Por Juan García
18 de agosto de 2026Hasta un 80% de los casos de enfermedad cardiovascular podrían prevenirse mediante la detección temprana y un mejor control de los factores de riesgo, según alumbra la evidencia existente. Como una de las principales cargas para la salud de la población y los sistemas sanitarios en Europa, estas patologías están detrás de más de 1,7 millones de muertes en el continente cada año. La factura que deja su atención se eleva por encima de los 200.000 millones de euros anuales, con más de 60 millones de personas afectadas.
Con estas cifras en mente, la Unión Europea (UE) busca implantar medidas que reduzcan la carga sanitaria, social y económica de estas enfermedades, centrándose en el diseño de programas preventivos y de detección de factores de riesgo. Muestra de ello es el Plan de Corazones Seguros, publicado a finales del pasado año. Esta iniciativa se ha marcado un ambicioso objetivo: reducir un 25% la incidencia de estas enfermedades para 2035.
Una vez diagnosticado el problema y planteadas las metas para atajarlo, como subraya la Federación Europea de Industrias y Asociaciones Farmacéuticas (Efpia), lo difícil es aterrizar esa respuesta en medidas concretas y homogéneas en la Unión. Para pasar del papel a la acción, tanto el propio plan como la Efpia destacan la importancia de un factor estratégico: los controles de riesgo cardiovascular.
El Plan establece una propuesta de Recomendación del Consejo para fijar un protocolo común a nivel europeo sobre estos chequeos, a fin de mejorar la detección oportuna y el diagnóstico precoz de estas patologías.
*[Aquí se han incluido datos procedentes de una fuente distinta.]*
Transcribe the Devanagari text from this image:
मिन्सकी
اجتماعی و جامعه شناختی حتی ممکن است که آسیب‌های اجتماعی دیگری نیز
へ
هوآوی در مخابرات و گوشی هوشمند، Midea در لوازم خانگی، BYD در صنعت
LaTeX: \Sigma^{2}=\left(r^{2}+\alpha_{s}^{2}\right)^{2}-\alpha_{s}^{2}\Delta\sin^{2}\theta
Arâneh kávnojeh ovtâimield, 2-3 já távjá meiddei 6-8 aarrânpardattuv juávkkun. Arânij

Para Efpia, esta recomendación supone una “oportunidad única” para definir nuevos estándares de prevención cardiovascular en Europa. La apuesta de la Efpia pasa por ceñirse a un principio: que todos los ciudadanos conozcan sus cifras a los 35. Es decir, que a esa edad se efectúe una evaluación completa del riesgo cardiometabólico, seguida de una reevaluación regular a lo largo de la vida.
La patronal farmacéutica europea argumenta que esta edad representa un “punto crítico” en la aparición de estos factores de riesgo, pues las intervenciones preventivas tienen aún un alto margen de efectividad. Así, sostienen que el establecimiento de una base temprana puede identificar el riesgo elevado décadas antes de un primer evento cardiovascular.
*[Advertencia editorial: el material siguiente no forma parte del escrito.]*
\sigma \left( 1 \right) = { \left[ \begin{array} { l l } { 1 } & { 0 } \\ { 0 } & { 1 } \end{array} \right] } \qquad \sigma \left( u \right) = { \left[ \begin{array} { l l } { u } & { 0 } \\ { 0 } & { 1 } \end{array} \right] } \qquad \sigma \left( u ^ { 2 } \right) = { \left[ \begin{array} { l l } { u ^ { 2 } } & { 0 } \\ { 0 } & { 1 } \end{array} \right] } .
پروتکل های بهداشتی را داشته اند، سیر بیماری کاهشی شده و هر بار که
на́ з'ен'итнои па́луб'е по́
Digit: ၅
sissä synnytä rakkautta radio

Desde la Efpia argumentan que toda inversión en prevención cardiovascular genera un retorno en forma de ahorros por la atención evitada para posibles enfermedades futuras. Estos efectos, sostienen que se acumulan de forma gradual generando ahorros a largo plazo. Como prueba de ello, ponen el ejemplo el programa de prevención cardiovascular del sistema de salud británico, que prevé arrojar un saldo positivo de la inversión para 2040 con un retorno estimado a largo plazo de £ 2.93 por cada £ 1 invertido, en comparación con un escenario en el que no existe ningún programa.
La Efpia también señala otros países como ejemplo en la implantación de programas de control de salud cardiovascular, como Grecia, Polonia o Irlanda. El país heleno ha desarrollado un sistema digital por el cual se envían invitaciones a la población diana entre los 30 y los 70 años para acudir a realizarse un chequeo. Esta iniciativa ha generado más de 2,5 millones de análisis de forma proactiva por parte de los pacientes, que han generado más de 30.000 derivaciones para la evaluación de enfermedades coronarias.
En Polonia tienen un programa por el cual se ofrecen controles de salud cada cinco años para personas de 20 a 49 años y cada tres a partir de esa edad. De esta forma se les envía una referencia electrónica tras un cuestionario inicial en el que se le recomiendan pruebas de diagnóstico personalizadas. Con más de un millón de cuestionarios cumplimentados en sus primeros 100 días, el 87% de estos derivaron en pruebas específicas.
En el caso de Irlanda, los médicos de familia juegan un rol determinante para la vigilancia de enfermedades como diabetes, asma, EPOC y enfermedades cardiovasculares. Su intervención ha permitido reducir un 30% las visitas a Urgencias y un 26% los ingresos hospitalarios en el país, al efectuar un mejor control de la presión arterial, el colesterol y los niveles de azúcar en sangre.
Estas iniciativas reflejan, a juicio de la Efpia, la eficacia de los programas preventivos. Por ello, invita a la UE a seguir esta senda con recomendaciones comunes para los Estados miembro que ayuden a aligerar el impacto de las enfermedades cardiovasculares.